Collection entries
---------------

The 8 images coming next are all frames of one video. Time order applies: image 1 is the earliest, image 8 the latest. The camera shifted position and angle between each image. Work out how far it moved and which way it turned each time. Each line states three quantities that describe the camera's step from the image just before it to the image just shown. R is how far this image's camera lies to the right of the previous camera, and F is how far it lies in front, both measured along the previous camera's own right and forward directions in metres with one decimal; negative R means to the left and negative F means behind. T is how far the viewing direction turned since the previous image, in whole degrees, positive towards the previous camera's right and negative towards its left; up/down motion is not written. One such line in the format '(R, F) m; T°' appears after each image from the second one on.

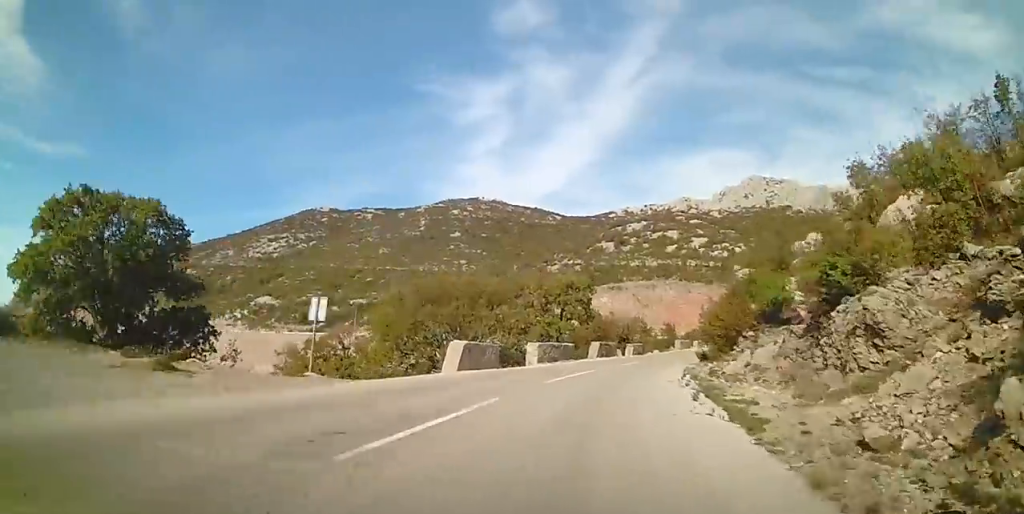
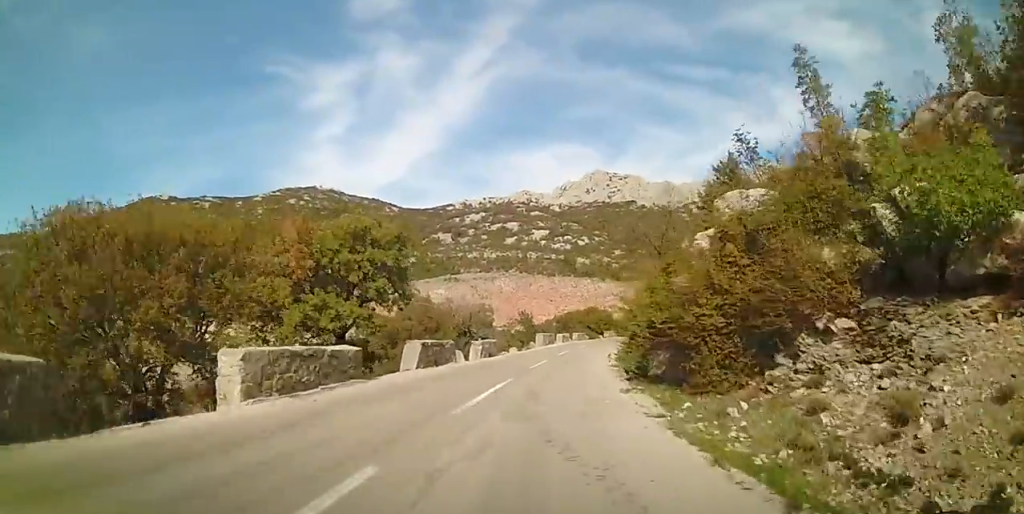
(+2.7, +14.2) m; +17°
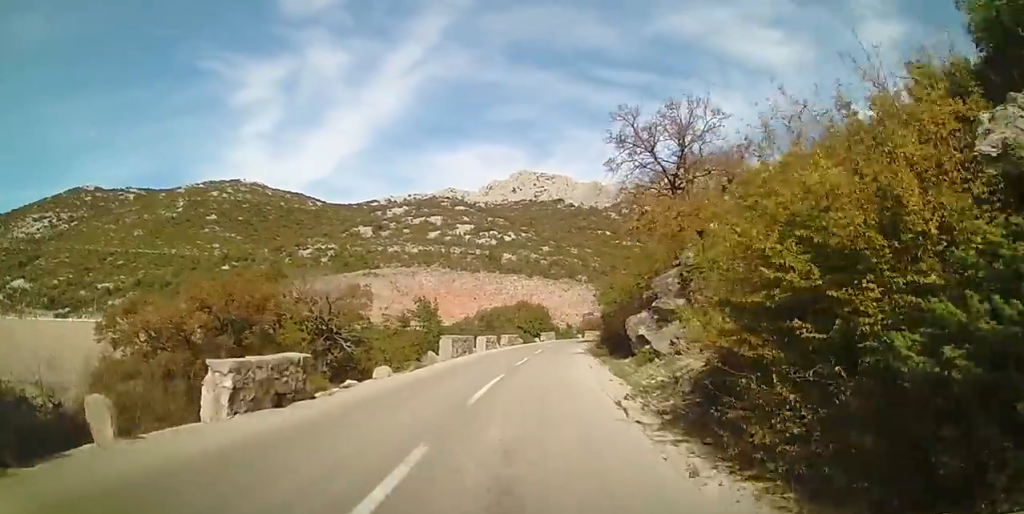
(+1.4, +16.4) m; +10°
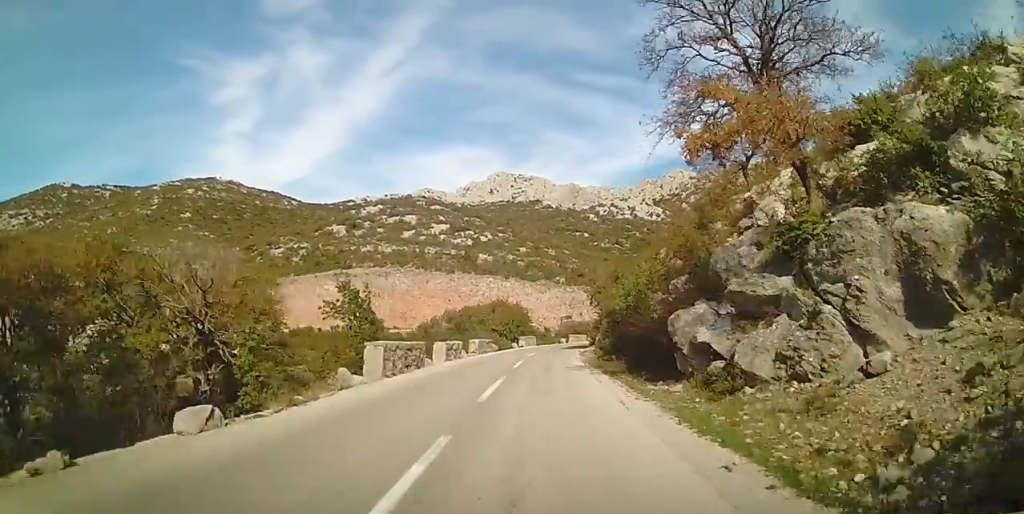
(+0.5, +8.3) m; +4°
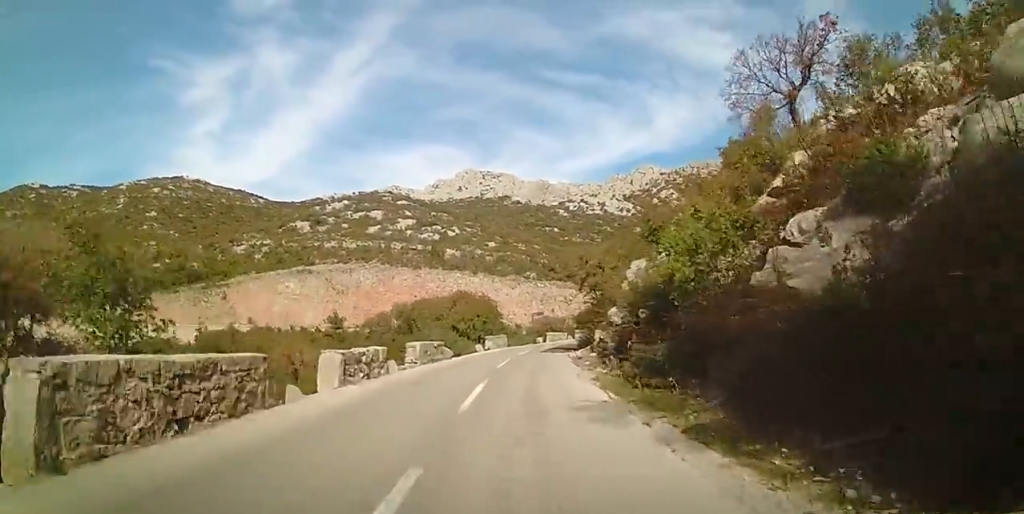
(+0.4, +10.2) m; +2°
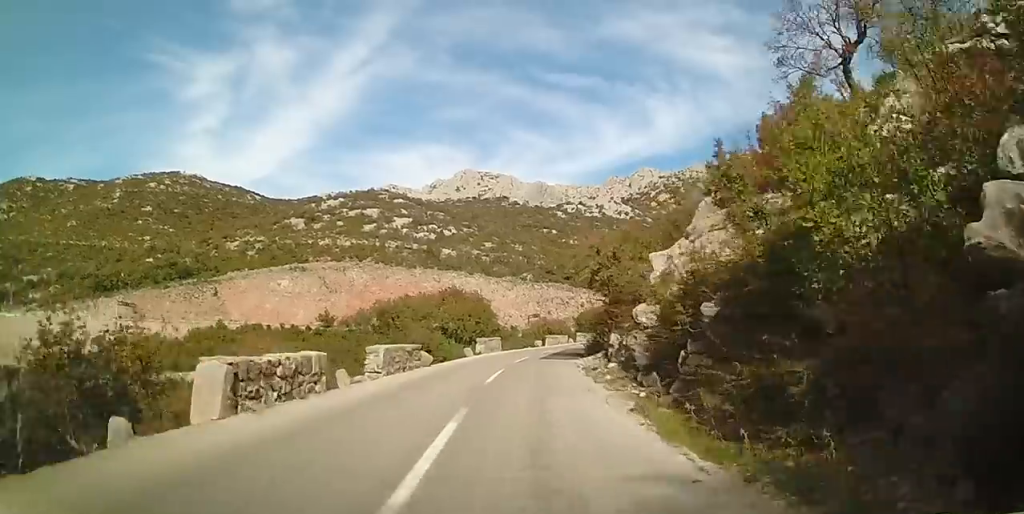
(0.0, +4.8) m; +1°
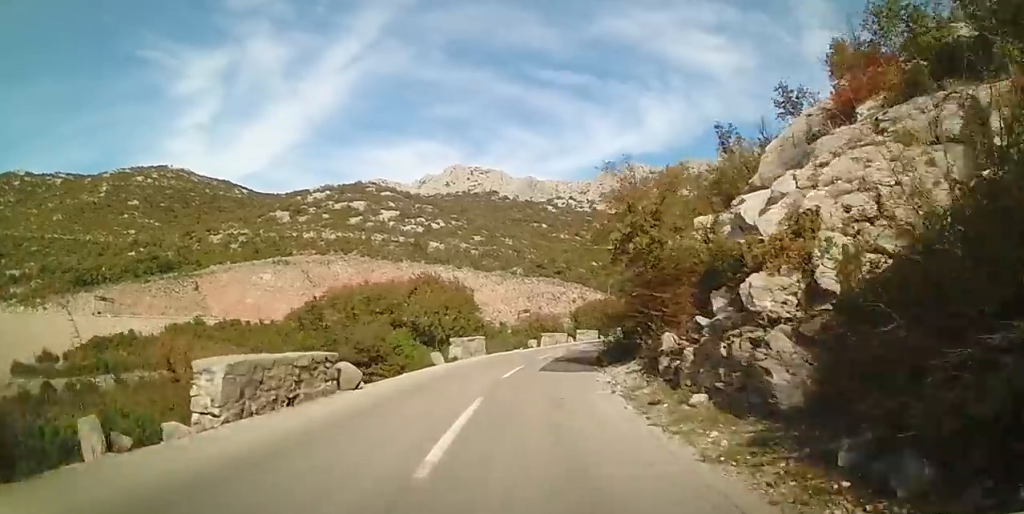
(0.0, +8.2) m; +2°
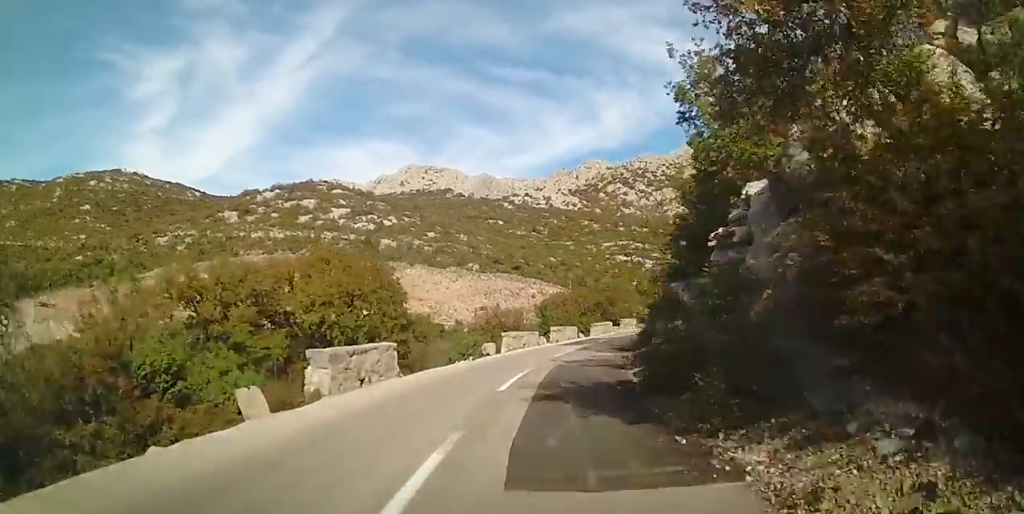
(+0.4, +12.1) m; +5°
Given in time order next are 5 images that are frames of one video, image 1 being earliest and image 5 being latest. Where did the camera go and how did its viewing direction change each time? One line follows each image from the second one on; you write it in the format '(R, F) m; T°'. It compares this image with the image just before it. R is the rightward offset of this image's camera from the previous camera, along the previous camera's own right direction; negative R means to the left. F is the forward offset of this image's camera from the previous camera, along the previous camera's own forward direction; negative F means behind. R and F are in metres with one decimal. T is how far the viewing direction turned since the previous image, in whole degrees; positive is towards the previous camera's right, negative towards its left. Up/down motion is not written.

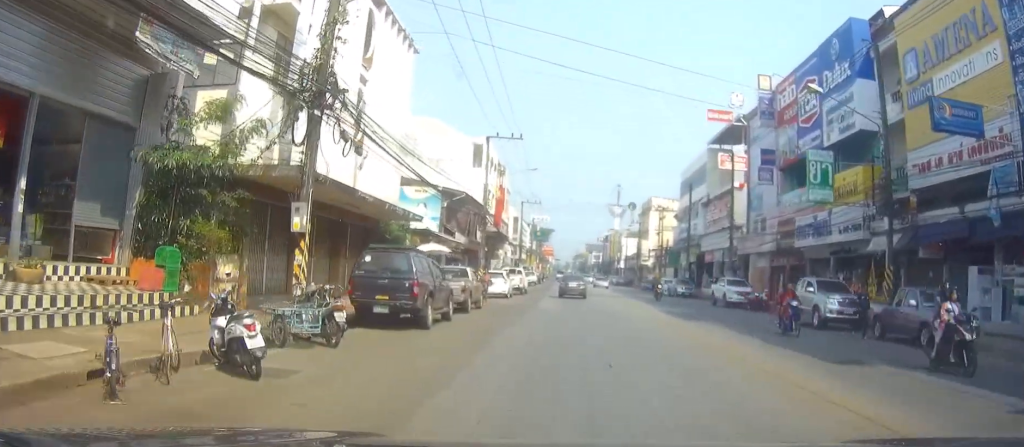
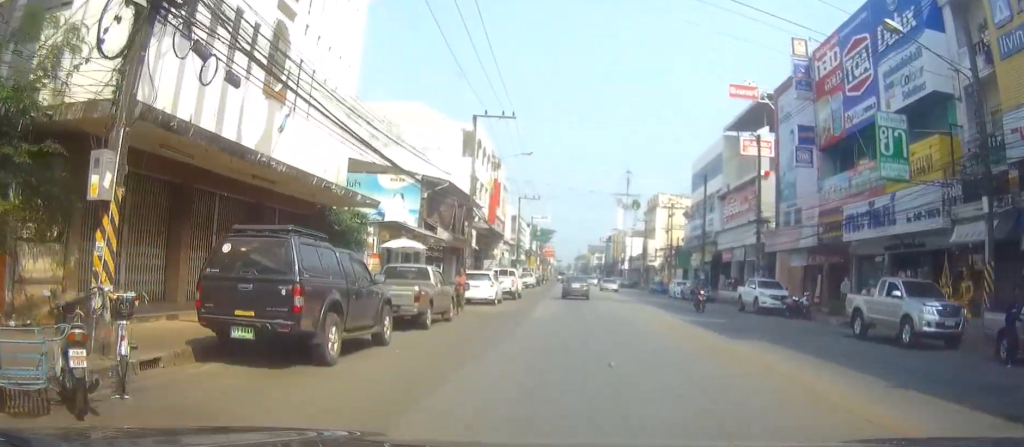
(+0.1, +7.2) m; 0°
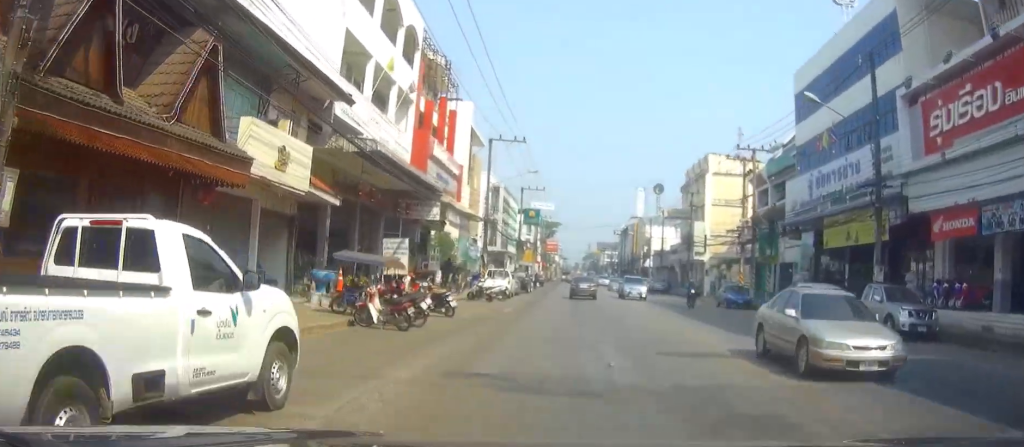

---------------

Task statement. In your copy, include no pictures; print every line above exactly.

Problem solution.
The 8 images coming next are all frames of one video. Time order applies: image 1 is the earliest, image 8 the latest. The camera shifted position and angle between each image. Work out how far it moved and which way it turned each time. Each line states three quantities that describe the camera's step from the image just before it to the image just shown. R is how far this image's camera lies to the right of the previous camera, and F is how far it lies in front, both measured along the previous camera's own right and forward directions in metres with one decimal; negative R means to the left and negative F means behind. T is how far the viewing direction turned since the previous image, in whole degrees, positive towards the previous camera's right and negative towards its left; up/down motion is not written. One such line in the format '(R, F) m; T°' appears after each image from the second one on.

(+2.7, +14.2) m; +17°
(+1.4, +16.4) m; +10°
(+0.5, +8.3) m; +4°
(+0.4, +10.2) m; +2°
(0.0, +4.8) m; +1°
(0.0, +8.2) m; +2°
(+0.4, +12.1) m; +5°
Given in time order next are 5 images that are frames of one video, image 1 being earliest and image 5 being latest. Where did the camera go and how did its viewing direction change each time? One line follows each image from the second one on; you write it in the format '(R, F) m; T°'. It compares this image with the image just before it. R is the rightward offset of this image's camera from the previous camera, along the previous camera's own right direction; negative R means to the left. F is the forward offset of this image's camera from the previous camera, along the previous camera's own forward direction; negative F means behind. R and F are in metres with one decimal. T is how far the viewing direction turned since the previous image, in whole degrees; positive is towards the previous camera's right, negative towards its left. Up/down motion is not written.

(+0.1, +7.2) m; 0°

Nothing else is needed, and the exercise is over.